ASSIGNMENT: Would you give the listing back word for word once its pictures are removed?

RECORD EXCERPTS:

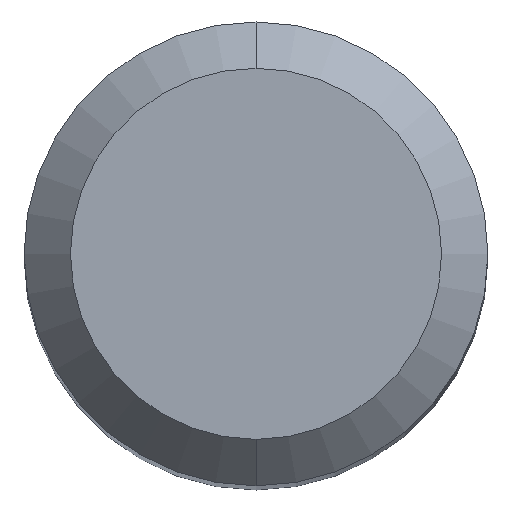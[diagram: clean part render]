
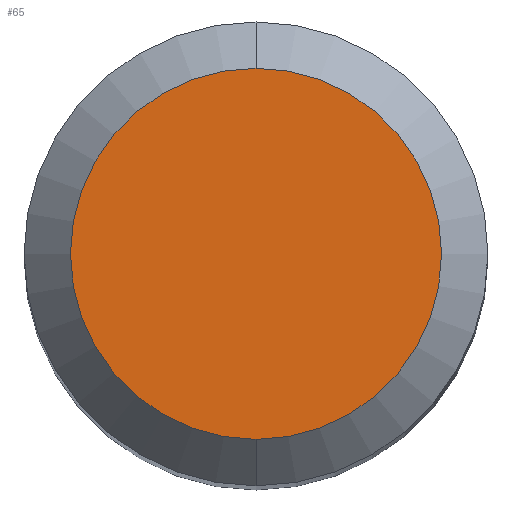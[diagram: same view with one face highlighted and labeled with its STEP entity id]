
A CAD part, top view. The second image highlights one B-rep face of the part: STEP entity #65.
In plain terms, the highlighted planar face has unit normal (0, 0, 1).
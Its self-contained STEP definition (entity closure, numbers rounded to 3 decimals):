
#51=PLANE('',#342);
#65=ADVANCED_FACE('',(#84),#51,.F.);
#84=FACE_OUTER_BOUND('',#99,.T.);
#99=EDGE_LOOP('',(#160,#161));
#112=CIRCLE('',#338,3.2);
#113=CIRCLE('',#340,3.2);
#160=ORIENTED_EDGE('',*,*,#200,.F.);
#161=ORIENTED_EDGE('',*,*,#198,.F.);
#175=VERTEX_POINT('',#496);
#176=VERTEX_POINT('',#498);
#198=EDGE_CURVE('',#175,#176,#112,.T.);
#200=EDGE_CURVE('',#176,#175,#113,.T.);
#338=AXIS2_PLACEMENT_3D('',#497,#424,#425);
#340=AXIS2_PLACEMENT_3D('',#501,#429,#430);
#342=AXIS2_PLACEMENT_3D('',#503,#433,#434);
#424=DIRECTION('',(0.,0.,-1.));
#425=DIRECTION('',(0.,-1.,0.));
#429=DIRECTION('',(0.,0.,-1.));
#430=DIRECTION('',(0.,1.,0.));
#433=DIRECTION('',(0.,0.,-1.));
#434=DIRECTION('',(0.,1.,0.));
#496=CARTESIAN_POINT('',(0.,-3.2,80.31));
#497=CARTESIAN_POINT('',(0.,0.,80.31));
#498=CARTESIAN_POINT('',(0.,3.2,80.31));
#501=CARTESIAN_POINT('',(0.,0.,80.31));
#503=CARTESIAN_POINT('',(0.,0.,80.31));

ANSWER TO THIS PROBLEM:
[diagram: clean part render]
[diagram: same view with one face highlighted and labeled with its STEP entity id]
A CAD part, top view. The second image highlights one B-rep face of the part: STEP entity #65.
In plain terms, the highlighted planar face has unit normal (0, 0, 1).
Its self-contained STEP definition (entity closure, numbers rounded to 3 decimals):
#51=PLANE('',#342);
#65=ADVANCED_FACE('',(#84),#51,.F.);
#84=FACE_OUTER_BOUND('',#99,.T.);
#99=EDGE_LOOP('',(#160,#161));
#112=CIRCLE('',#338,3.2);
#113=CIRCLE('',#340,3.2);
#160=ORIENTED_EDGE('',*,*,#200,.F.);
#161=ORIENTED_EDGE('',*,*,#198,.F.);
#175=VERTEX_POINT('',#496);
#176=VERTEX_POINT('',#498);
#198=EDGE_CURVE('',#175,#176,#112,.T.);
#200=EDGE_CURVE('',#176,#175,#113,.T.);
#338=AXIS2_PLACEMENT_3D('',#497,#424,#425);
#340=AXIS2_PLACEMENT_3D('',#501,#429,#430);
#342=AXIS2_PLACEMENT_3D('',#503,#433,#434);
#424=DIRECTION('',(0.,0.,-1.));
#425=DIRECTION('',(0.,-1.,0.));
#429=DIRECTION('',(0.,0.,-1.));
#430=DIRECTION('',(0.,1.,0.));
#433=DIRECTION('',(0.,0.,-1.));
#434=DIRECTION('',(0.,1.,0.));
#496=CARTESIAN_POINT('',(0.,-3.2,80.31));
#497=CARTESIAN_POINT('',(0.,0.,80.31));
#498=CARTESIAN_POINT('',(0.,3.2,80.31));
#501=CARTESIAN_POINT('',(0.,0.,80.31));
#503=CARTESIAN_POINT('',(0.,0.,80.31));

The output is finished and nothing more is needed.